#### Instructions for the task
Leaving out the images, return the data below exactly as it is written.

#### Material shown
++++++

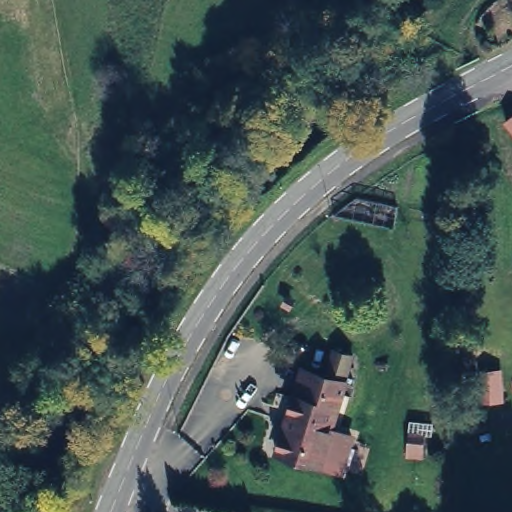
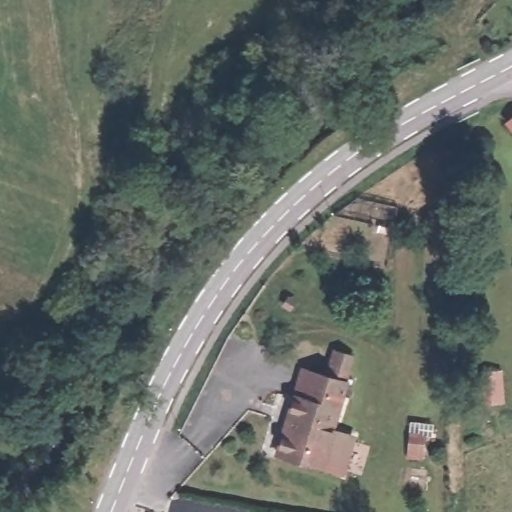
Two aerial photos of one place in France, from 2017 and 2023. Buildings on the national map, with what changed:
unchanged [(498,122),(512,112),(512,143),(498,122)]
unchanged [(336,386),(312,464),(269,451),(292,369),(319,375),(325,354),(344,361),(336,386)]
unchanged [(424,438),(423,458),(421,462),(406,459),(409,437),(424,438)]

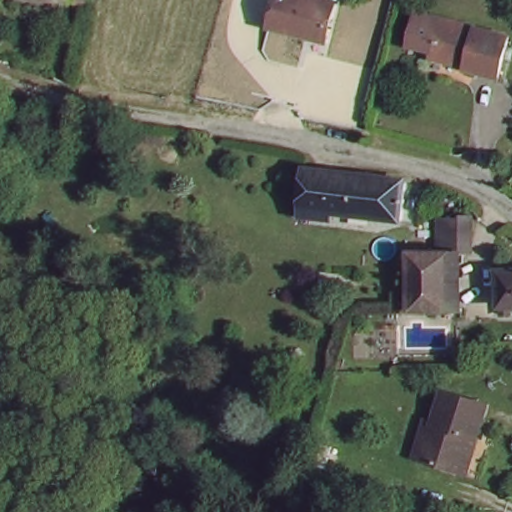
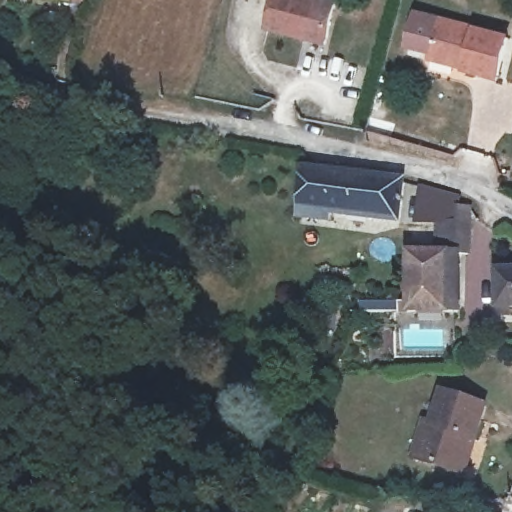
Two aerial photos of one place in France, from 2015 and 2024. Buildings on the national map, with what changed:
unchanged [(80,6),(39,0),(81,0),(80,6)]
unchanged [(336,9),(326,45),(273,34),(284,0),(305,0),(336,9)]
unchanged [(436,56),(411,52),(411,49),(416,18),(441,22),(509,34),(503,75),(474,70),(435,62),(436,56)]
unchanged [(396,178),(396,214),(297,213),(300,171),(378,173),(396,178)]
unchanged [(402,311),(402,292),(415,292),(415,246),(433,246),(436,236),(435,218),(463,217),(463,234),(466,308),(402,311)]
unchanged [(512,317),(499,317),(501,263),(512,263),(512,317)]
unchanged [(455,467),(413,455),(424,418),(431,419),(439,392),(481,403),(474,435),(466,469),(455,467)]

++++++

#### Exercise response
Two aerial photos of one place in France, from 2017 and 2023. Buildings on the national map, with what changed:
unchanged [(498,122),(512,112),(512,143),(498,122)]
unchanged [(336,386),(312,464),(269,451),(292,369),(319,375),(325,354),(344,361),(336,386)]
unchanged [(424,438),(423,458),(421,462),(406,459),(409,437),(424,438)]

Two aerial photos of one place in France, from 2015 and 2024. Buildings on the national map, with what changed:
unchanged [(80,6),(39,0),(81,0),(80,6)]
unchanged [(336,9),(326,45),(273,34),(284,0),(305,0),(336,9)]
unchanged [(436,56),(411,52),(411,49),(416,18),(441,22),(509,34),(503,75),(474,70),(435,62),(436,56)]
unchanged [(396,178),(396,214),(297,213),(300,171),(378,173),(396,178)]
unchanged [(402,311),(402,292),(415,292),(415,246),(433,246),(436,236),(435,218),(463,217),(463,234),(466,308),(402,311)]
unchanged [(512,317),(499,317),(501,263),(512,263),(512,317)]
unchanged [(455,467),(413,455),(424,418),(431,419),(439,392),(481,403),(474,435),(466,469),(455,467)]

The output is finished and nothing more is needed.